Ethiopia's Record on Children:
"Other human rights problems included... violence and societal discrimination against women and abuse of children; female genital mutilation/cutting (FGM/C)... and child labor, including forced child labor... girls were married as early as age seven. Child marriage was most prevalent in the Amhara Region, where approximately 45 percent of girls marry before age 18, and the median first marriage age was 15.1 years... Female Genital Mutilation/Cutting (FGM/C):FGM/C is illegal, but the government did not actively enforce this prohibition or punish those who practiced it... 74 percent of women and girls had undergone FGM/C... Girls as young as age 11 reportedly were recruited to work in brothels. Customers often sought these girls because they believed them to be free of sexually transmitted diseases.
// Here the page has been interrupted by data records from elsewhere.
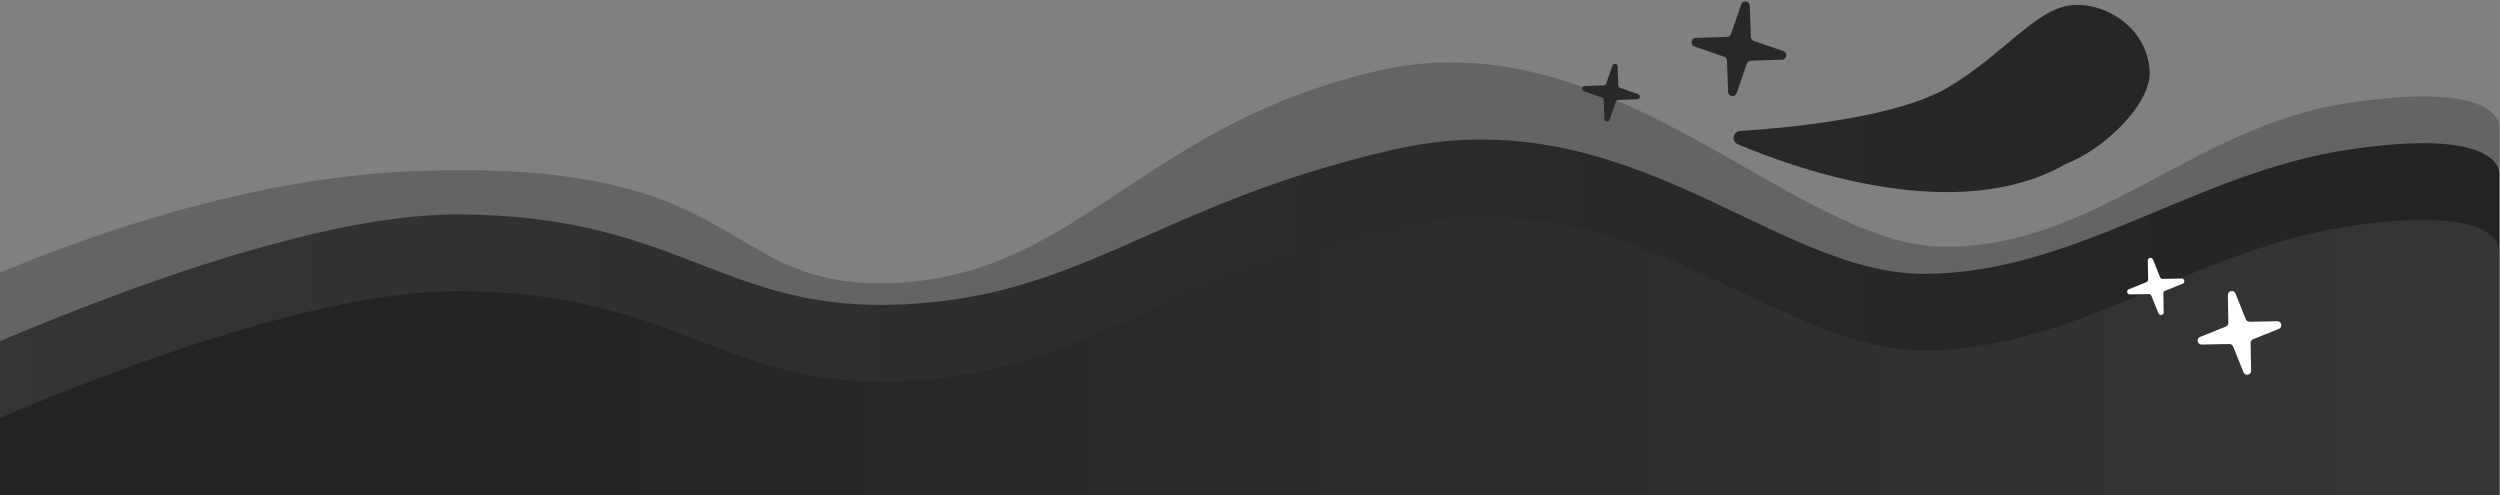 <svg width="1438" height="285" viewBox="0 0 1438 285" fill="none" xmlns="http://www.w3.org/2000/svg">
<rect x="0" y="0" width="1438" height="285" fill="#808080" stroke="none"/>
<path opacity="0.3" d="M-169 244.381C-169 244.381 37.89 107.036 236.504 98.524C435.118 90.012 411.325 167.843 515.805 162.67C620.284 157.498 657.524 71.637 793.037 40.603C928.549 9.57 1031.99 141.971 1118.89 141.971C1205.78 141.971 1261.64 72.671 1350.6 59.223C1439.57 45.775 1437.5 72.671 1437.5 72.671V298.181H206.505L-169 244.381Z" fill="#232323"/>
<path d="M801.312 86.115C936.825 55.082 1019.58 157.493 1106.47 157.493C1193.37 157.493 1261.64 99.563 1350.6 86.115C1439.57 72.667 1437.5 99.564 1437.5 99.564V325.073H206.505L-102.795 243.347C-102.509 243.201 133.138 123.35 262.365 123.35C391.671 123.351 415.463 180.25 519.942 175.078C624.422 169.906 665.8 117.149 801.312 86.115ZM1190.2 3.155C1209.72 0.433 1234.79 15.03 1236.47 40.644C1237.72 59.764 1210.13 85.829 1188.54 94.216C1188.34 94.295 1188.14 94.388 1187.95 94.496C1126.06 129.716 1035.3 98.009 999.613 82.992C995.582 81.295 996.726 75.587 1001.09 75.309C1030.55 73.439 1091.48 67.549 1121.05 49.993C1150.89 32.275 1170.69 5.878 1190.2 3.155ZM927.448 37.724C928.009 36.096 930.41 36.458 930.467 38.18L930.825 49.11C930.846 49.754 931.263 50.318 931.871 50.527L942.213 54.087C943.841 54.648 943.48 57.049 941.759 57.105L930.827 57.464C930.184 57.485 929.621 57.901 929.411 58.51L925.851 68.852C925.29 70.48 922.889 70.119 922.832 68.397L922.474 57.466C922.453 56.822 922.036 56.259 921.428 56.05L911.086 52.489C909.458 51.928 909.819 49.528 911.54 49.472L922.472 49.112C923.115 49.091 923.678 48.675 923.888 48.066L927.448 37.724ZM1001.53 2.562C1002.45 -0.107 1006.38 0.485 1006.48 3.307L1007.07 21.224C1007.1 22.278 1007.78 23.201 1008.78 23.545L1025.73 29.381C1028.4 30.3 1027.81 34.234 1024.99 34.327L1007.07 34.915C1006.01 34.95 1005.09 35.632 1004.75 36.629L998.912 53.579C997.993 56.249 994.057 55.657 993.965 52.835L993.377 34.918C993.342 33.864 992.661 32.94 991.663 32.597L974.713 26.762C972.043 25.843 972.635 21.907 975.457 21.814L993.374 21.227C994.428 21.192 995.352 20.51 995.695 19.513L1001.53 2.562Z" fill="url(#paint0_linear_3737_3593)"/>
<path d="M-102.795 287.472C-102.795 287.472 133.059 167.476 262.365 167.476C391.671 167.476 415.464 224.376 519.943 219.204C624.422 214.032 665.8 161.275 801.313 130.241C936.825 99.208 1019.58 201.619 1106.47 201.619C1193.37 201.619 1261.64 143.689 1350.6 130.241C1439.57 116.793 1437.5 143.69 1437.5 143.69V369.199H206.505L-102.795 287.472Z" fill="url(#paint1_linear_3737_3593)"/>
<path d="M1241.56 180.259C1242.2 181.855 1244.57 181.374 1244.54 179.655L1244.35 168.739C1244.34 168.096 1244.73 167.514 1245.32 167.274L1255.45 163.205C1257.05 162.564 1256.57 160.189 1254.85 160.219L1243.93 160.411C1243.29 160.422 1242.71 160.036 1242.47 159.439L1238.4 149.308C1237.76 147.712 1235.38 148.193 1235.41 149.913L1235.61 160.829C1235.62 161.471 1235.23 162.054 1234.63 162.293L1224.5 166.362C1222.91 167.003 1223.39 169.379 1225.11 169.348L1236.02 169.157C1236.67 169.145 1237.25 169.532 1237.49 170.128L1241.56 180.259Z" fill="white"/>
<path d="M1290.46 214.146C1291.4 216.483 1294.88 215.779 1294.83 213.261L1294.55 197.277C1294.54 196.336 1295.1 195.483 1295.98 195.132L1310.81 189.174C1313.15 188.236 1312.44 184.757 1309.93 184.802L1293.94 185.082C1293 185.099 1292.15 184.533 1291.8 183.66L1285.84 168.825C1284.9 166.488 1281.42 167.192 1281.47 169.71L1281.75 185.694C1281.76 186.635 1281.2 187.488 1280.32 187.839L1265.49 193.797C1263.15 194.735 1263.86 198.213 1266.37 198.169L1282.36 197.889C1283.3 197.872 1284.15 198.438 1284.5 199.311L1290.46 214.146Z" fill="white"/>
<defs>
<linearGradient id="paint0_linear_3737_3593" x1="1437.5" y1="202.648" x2="-102.795" y2="202.648" gradientUnits="userSpaceOnUse">
<stop stop-color="#232323"/>
<stop offset="1" stop-color="#363636"/>
</linearGradient>
<linearGradient id="paint1_linear_3737_3593" x1="1437.5" y1="246.792" x2="206.504" y2="246.792" gradientUnits="userSpaceOnUse">
<stop stop-color="#363636"/>
<stop offset="1" stop-color="#232323"/>
</linearGradient>
</defs>
</svg>

Young girls were trafficked from rural to urban areas. They also were exploited as prostitutes in hotels, bars, resort towns, and rural truck stops. Reports indicated family members forced some young girls into prostitution... The most prevalent harmful traditional practices other than FGM/C included uvula cutting, tonsil scraping, milk tooth extraction, early marriage, and marriage by abduction. Marriage by abduction...continued in some regions despite the government's attempts to combat the practice. Forced sexual relationships accompanied most marriages by abduction, and women often experienced physical abuse during the abduction. Abductions led to conflicts among families, communities, and ethnic groups. In cases of marriage by abduction, the perpetrator did not face punishment if the victim agreed to marry the perpetrator. Infanticide or Infanticide of Children with Disabilities: Ritual and superstition-based infanticide continued in remote tribal areas... Displaced Children: According to a 2010 report by the Ministry of Labor and Social Affairs, approximately 150,000 children lived on the streets..." (US State Department's Country Report on Human Rights Practices 2015, Ethiopia)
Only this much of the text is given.